Krch straightened up. “What?” he snarled.

“When I got here,” I said, shifting to look at him, “you said you’d been planning to have me arrested, and Bill, too, but Bill had this other idea, so you asked me to come up here to ‘work something out.’ All you’ve done since I got here is threaten us. If you want something, tell me what it is. If you don’t, arrest me or I’m leaving.”

Krch stared at me angrily for a few moments. Then he brushed past me and slammed out of the room.

I watched his back, then turned to Francie. “Where’d he go?”

She shrugged. “Get a cup of coffee. That’s usually what he does instead of slugging someone.” She looked at Bill. “You really grind his cookie, don’t you?”

Bill drew a cigarette from his shirt pocket. “He has a right.”

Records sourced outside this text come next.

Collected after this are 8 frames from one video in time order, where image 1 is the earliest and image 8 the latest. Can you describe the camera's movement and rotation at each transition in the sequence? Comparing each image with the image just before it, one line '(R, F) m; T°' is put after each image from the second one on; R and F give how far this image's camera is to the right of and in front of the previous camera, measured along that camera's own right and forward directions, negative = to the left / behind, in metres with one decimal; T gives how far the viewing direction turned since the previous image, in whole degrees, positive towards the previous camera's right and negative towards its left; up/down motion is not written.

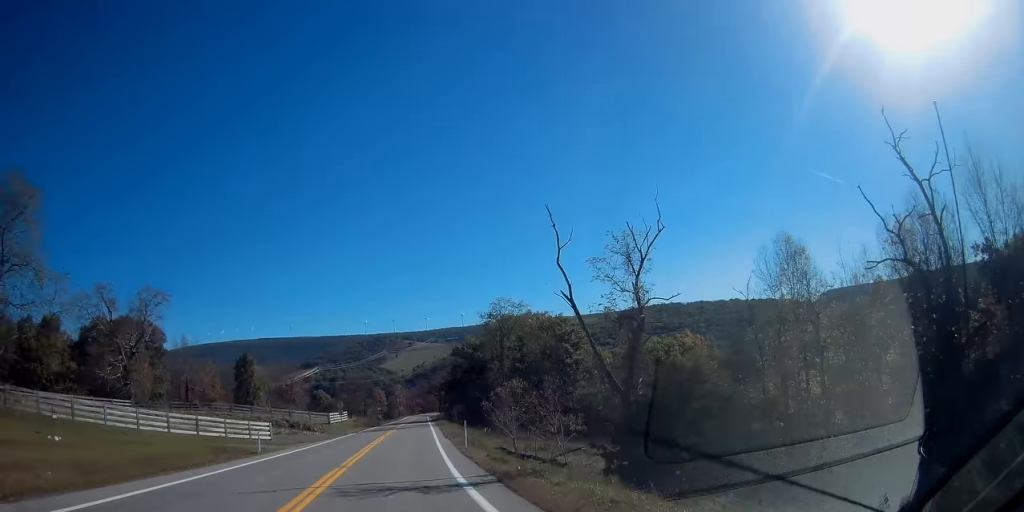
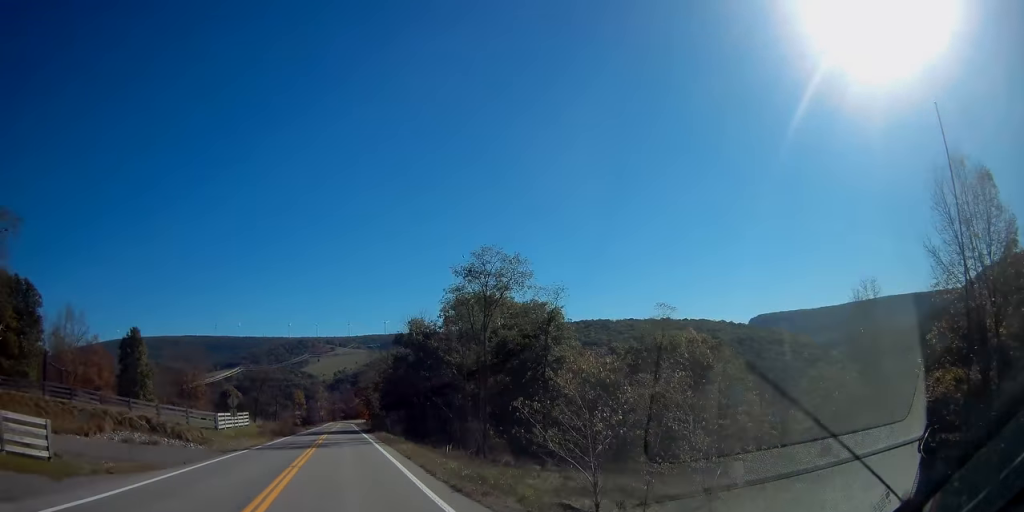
(+1.8, +23.8) m; +7°
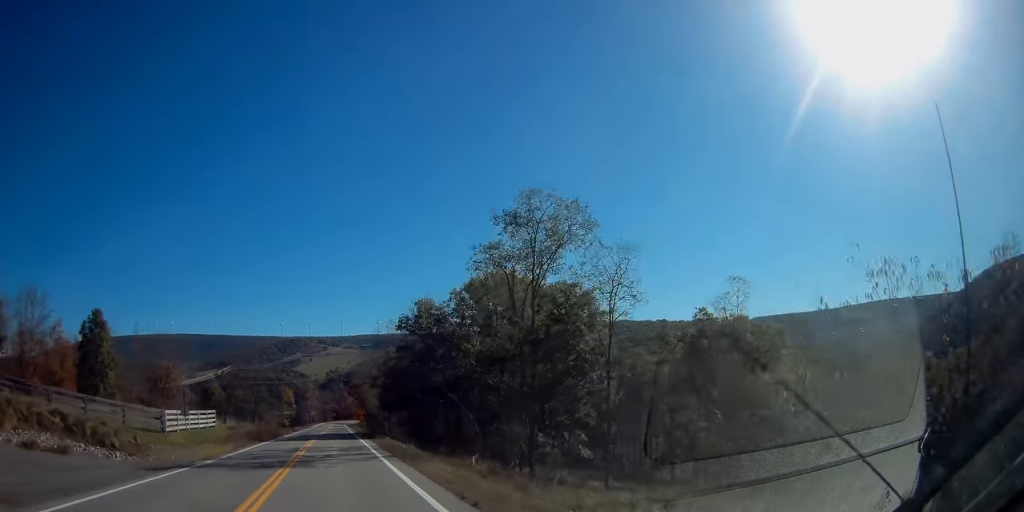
(0.0, +12.0) m; +1°
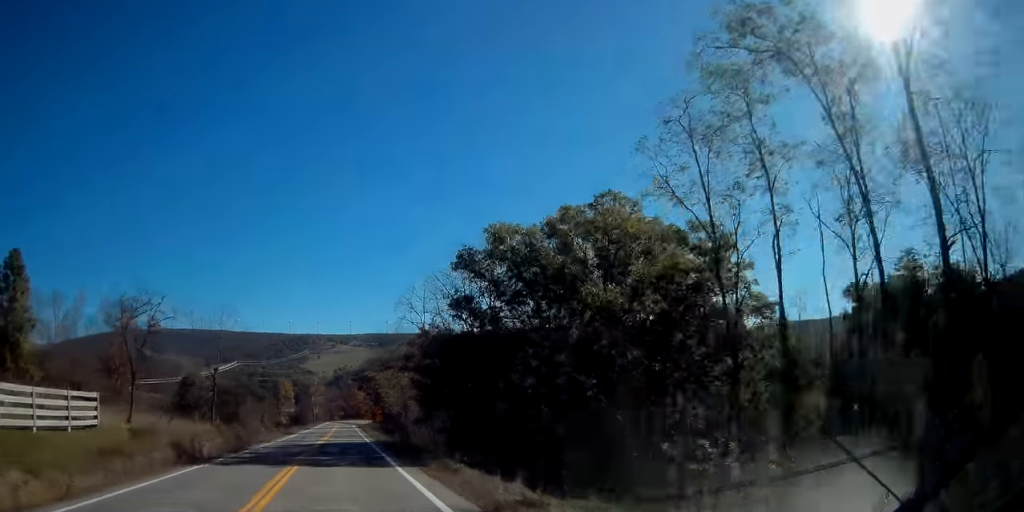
(+0.3, +23.6) m; +1°
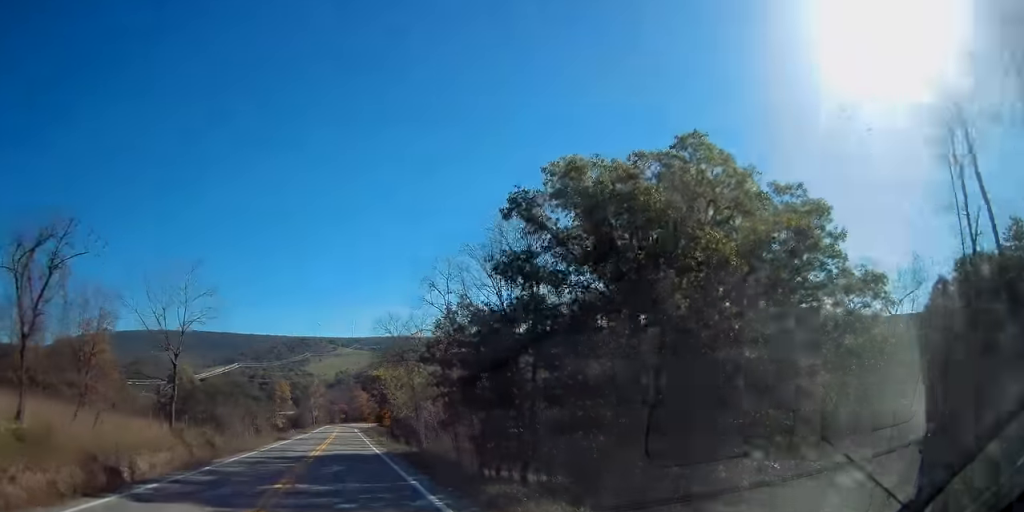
(0.0, +9.8) m; 0°
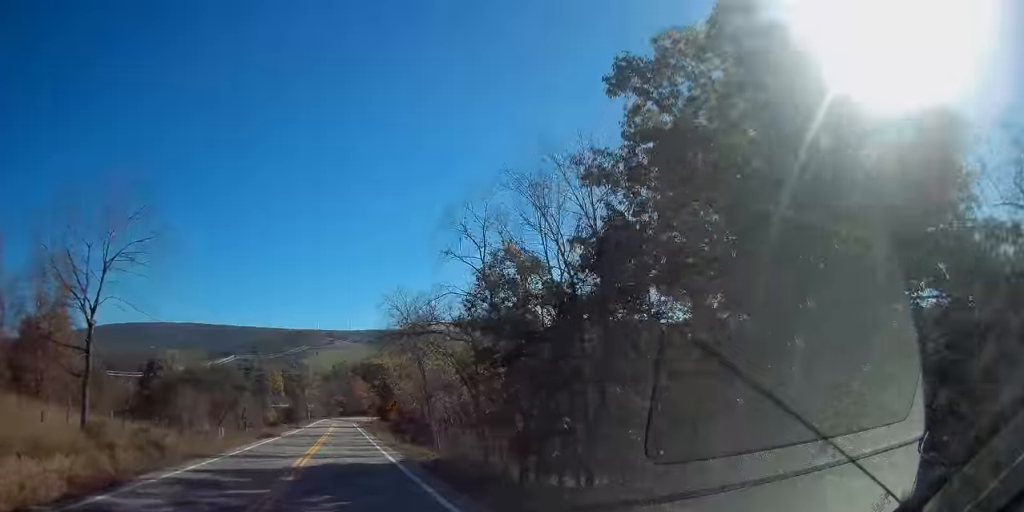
(0.0, +10.3) m; 0°
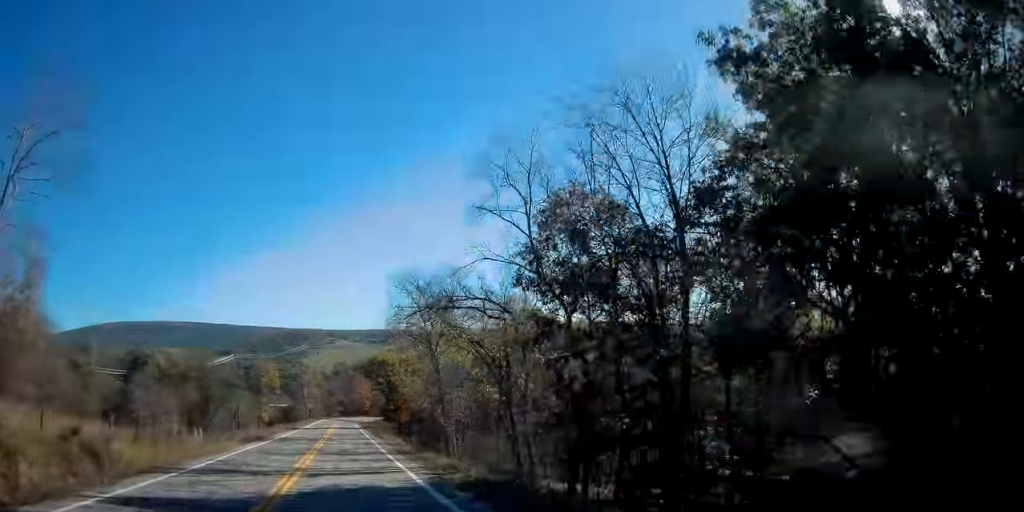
(0.0, +7.1) m; 0°
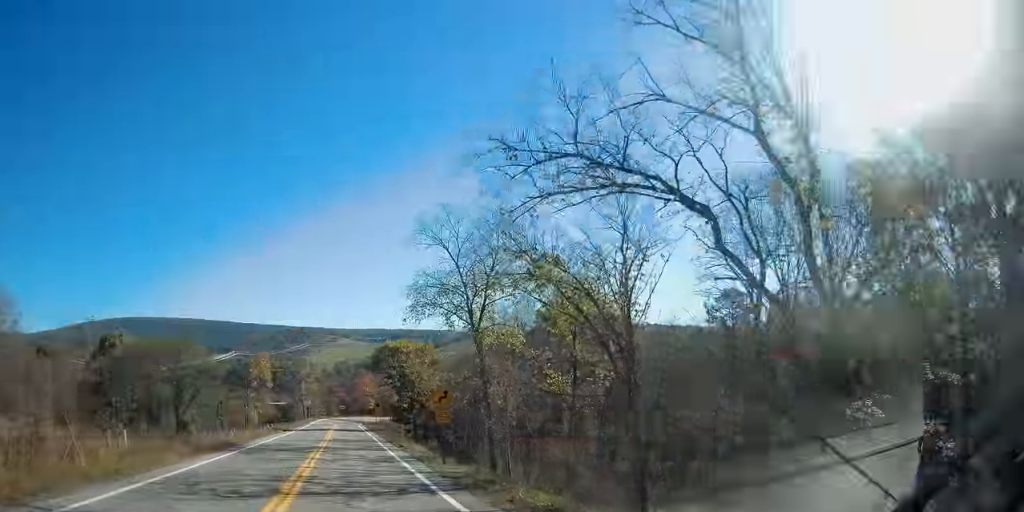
(0.0, +13.6) m; +1°

“No smoking room,” Francie said, pointing to the sign on the wall. She took out a cigarette of her own, lit it and reached a cardboard coffee cup off the floor for them to share as an ashtray. “You really screw up his career, like he tells it?”

“No, he did,” Bill said. “I just let everybody know.”

“Why?”

“His career or a fifteen-year-old kid’s life,” Bill said. “Didn’t look like much of a choice to me.”

“Did you do the right thing?”

Bill didn’t answer.

I said to Francie, “What do you mean?”

“The kid,” she said. “He go on to be a brain surgeon or something?”

“I don’t know,” Bill said evenly.

“Krch could have been a good cop.”

Bill pulled on his cigarette. I looked into his eyes. They seemed troubled to me, but he wasn’t looking at me.

The door opened and the man who could have been a good cop came back into the room.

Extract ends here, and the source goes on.